Para ser esse país de “oportunidades” é preciso “criar mais riqueza”, resume Montenegro. “Portugal tem tudo para criar mais riqueza” e “só criando mais riqueza” será possível “juntar” no país os pais e os avós com os filhos e netos, acrescenta o primeiro-ministro
É neste mantra da criação de riqueza e de crescimento económico que o primeiro-ministro baseia a política económica e social do Governo. “Só criando mais riqueza conseguiremos continuar a salvar o Estado Social, cumprindo a essência da democracia e da justiça, que é a igualdade de oportunidades”, diz Montenegro.

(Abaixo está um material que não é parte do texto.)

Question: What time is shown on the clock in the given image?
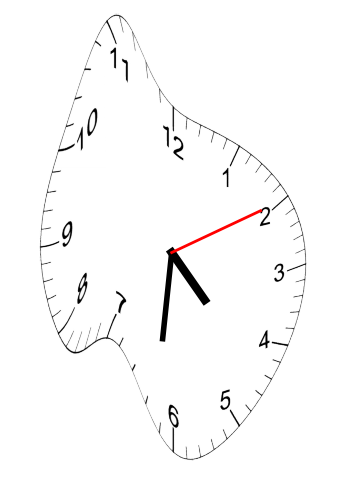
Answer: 04:31:10
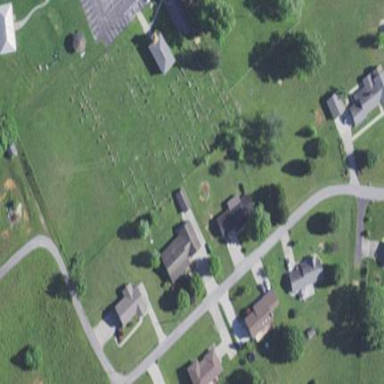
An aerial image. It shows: Cemetery.
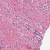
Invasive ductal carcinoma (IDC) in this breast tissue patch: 1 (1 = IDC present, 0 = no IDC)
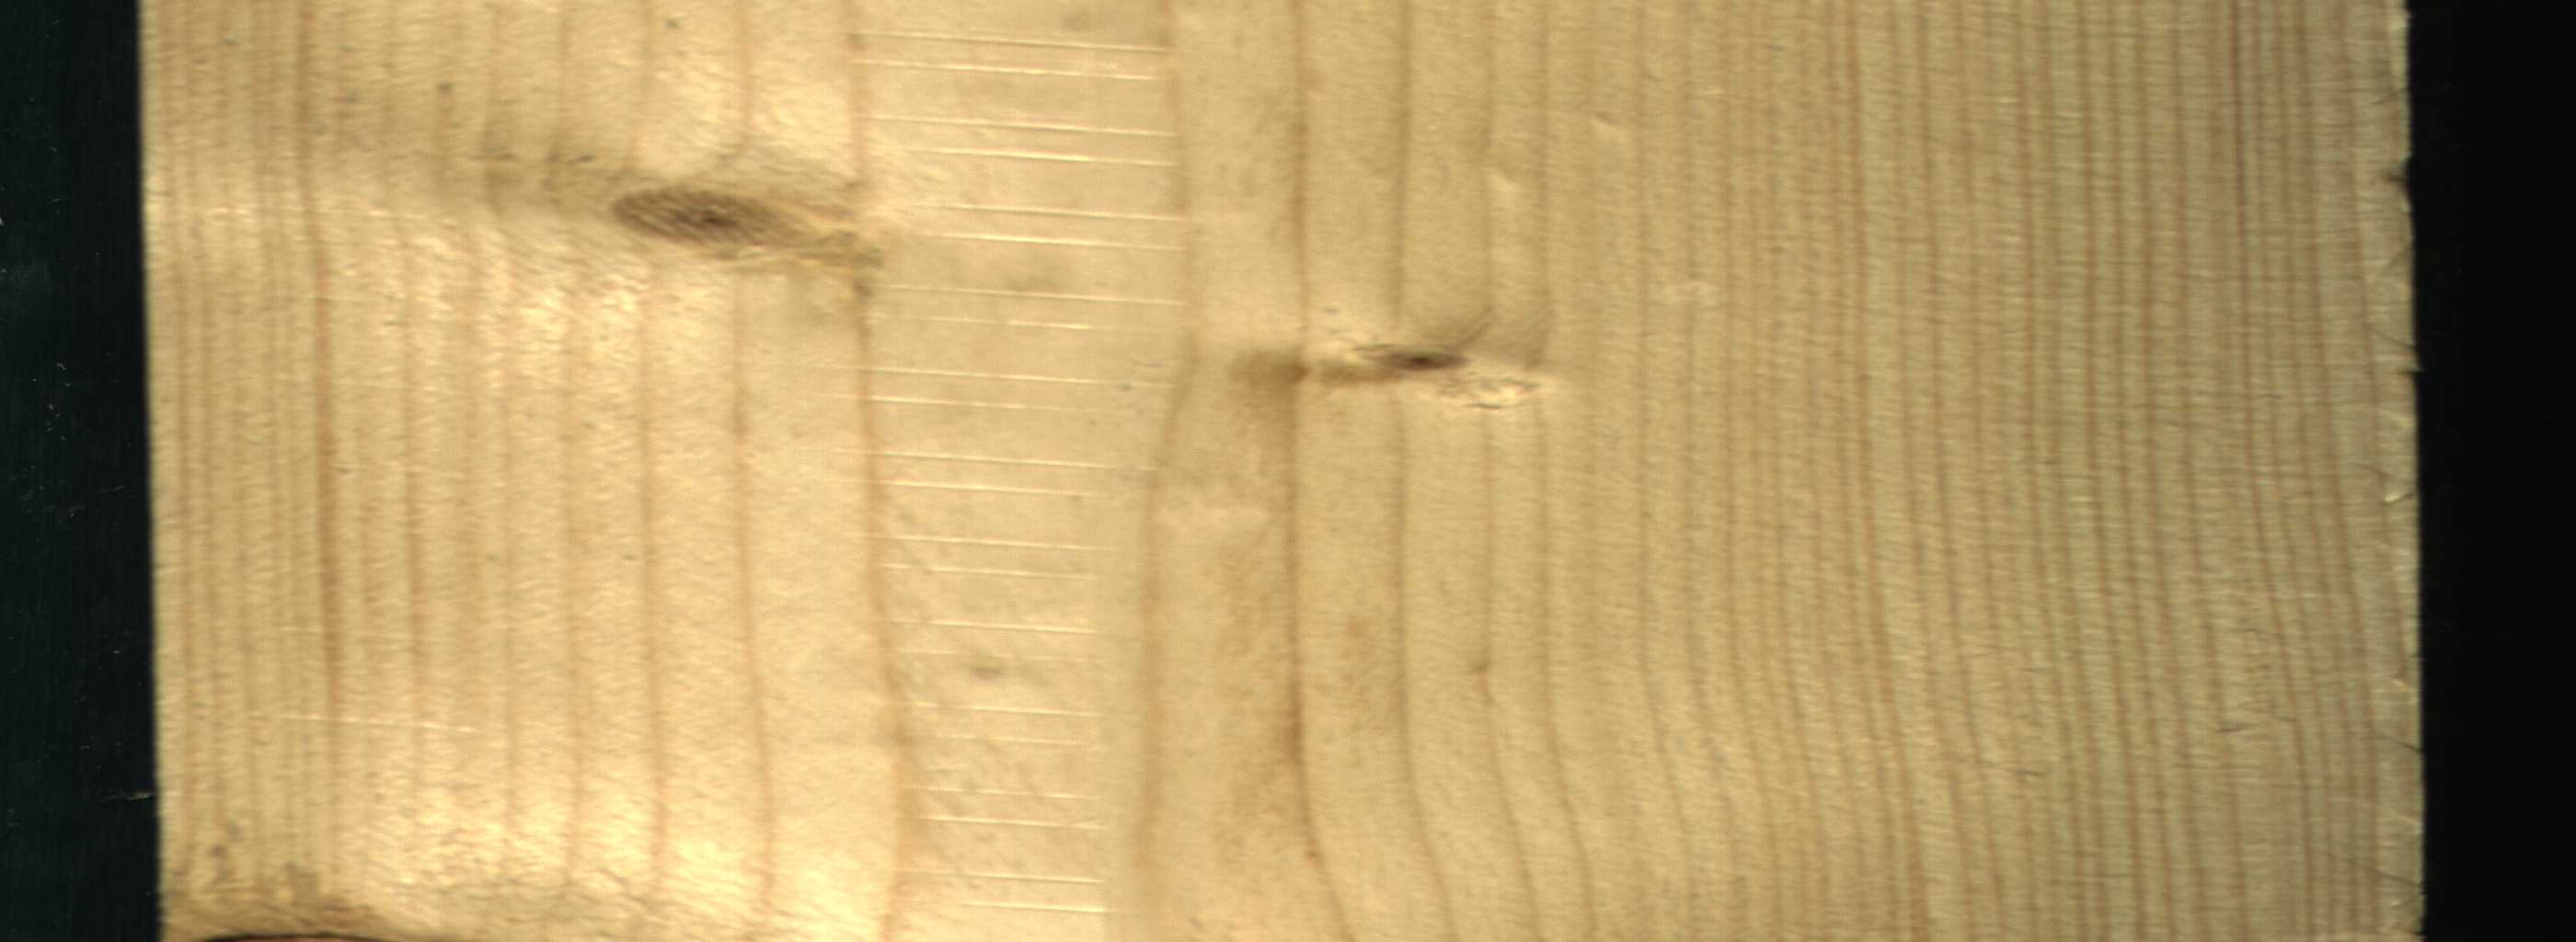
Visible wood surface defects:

Assim, na desventura dos motores económicos da Europa, Alemanha e França, Montenegro vê a “oportunidade”. “Portugal está em movimento”, diz o primeiro-ministro que quer “continuar a reforçar os serviços de saúde e a garantir uma escola pública de qualidade, desde a creche até à universidade, sem esquecer o ensino profissional e tecnológico”.

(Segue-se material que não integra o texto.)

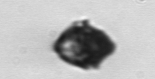
Label: Kryptoperidinium_triquetrum
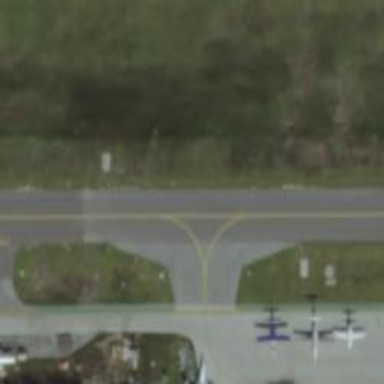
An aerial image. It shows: Image of taxiway at airport.
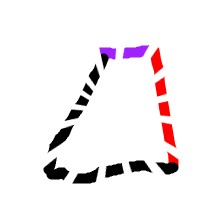
Shape: trapezoid
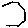
Label: hexagon
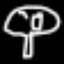
Label: mushroom
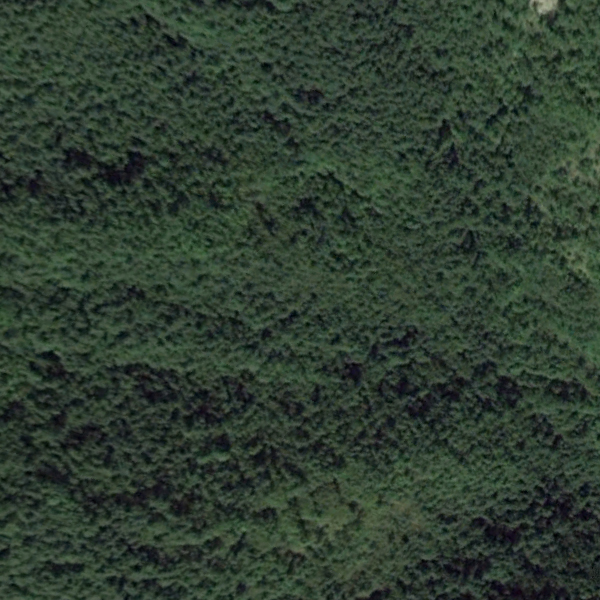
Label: Forest
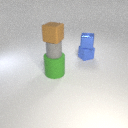
small gray rubber cylinder above large green rubber cylinder
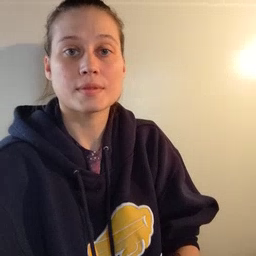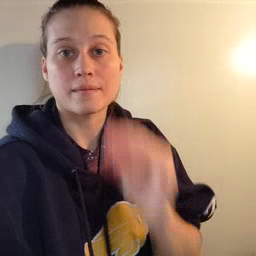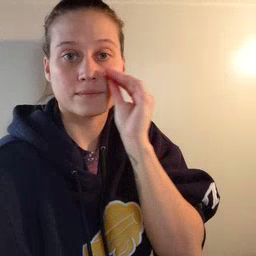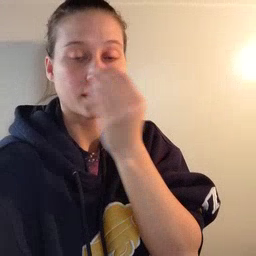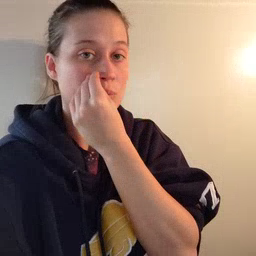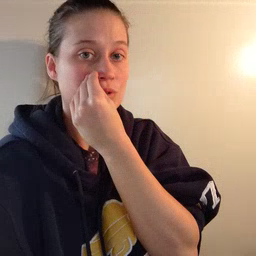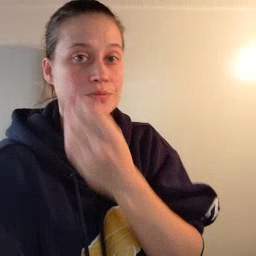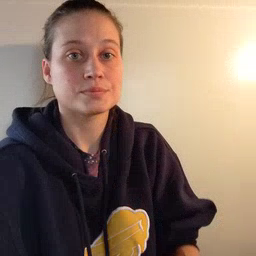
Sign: flower

O primeiro-ministro quer ainda um país com “mais mobilidade verde, melhores transportes públicos, numa economia amiga e parceira da sustentabilidade ambiental”.
Sá Carneiro, Soares e pedidos de espírito de “solidariedade e tolerância”
Num ano fértil em polémicas ideológicas, como a da comemoração dos 49 anos do 25 de novembro, no Parlamento, que dividiu os partidos, o primeiro-ministro tenta diluir as divisões sociais e políticas, dizendo acreditar na “solidariedade e tolerância” dos portugueses.
Recorrendo a símbolos, efemérides e personagens marcantes da literatura e da História do país, o primeiro-ministro termina a mensagem de Natal com uma tentativa de evitar o deslaçar da sociedade e da política.
Montenegro evoca os 500 anos do nascimento de Luís de Camões e da morte de Vasco da Gama, “símbolos maiores” da história e da cultura do país, “do nosso universalismo” e evoca os 50 anos do 25 de abril e os 90 e 100 anos de nascimento de “dois artífices” da democracia, respetivamente Francisco Sá Carneiro e Mário Soares.
O primeiro-ministro pega em tudo isto para avisar: “Estamos todos convocados a aplicar no futuro a inspiração que nos transmitem essas efemérides”, garantindo que o Governo “acredita” na “capacidade de superação” e no “espírito de solidariedade e tolerância” dos portugueses.
A mensagem termina mesmo com um pedido de união do país. “Trabalhamos juntos para não deixar ninguém para trás”, sentencia o primeiro-ministro, referindo que é “com este sentido de união” que deseja a todos “um Santo Natal e um próspero ano de 2025”.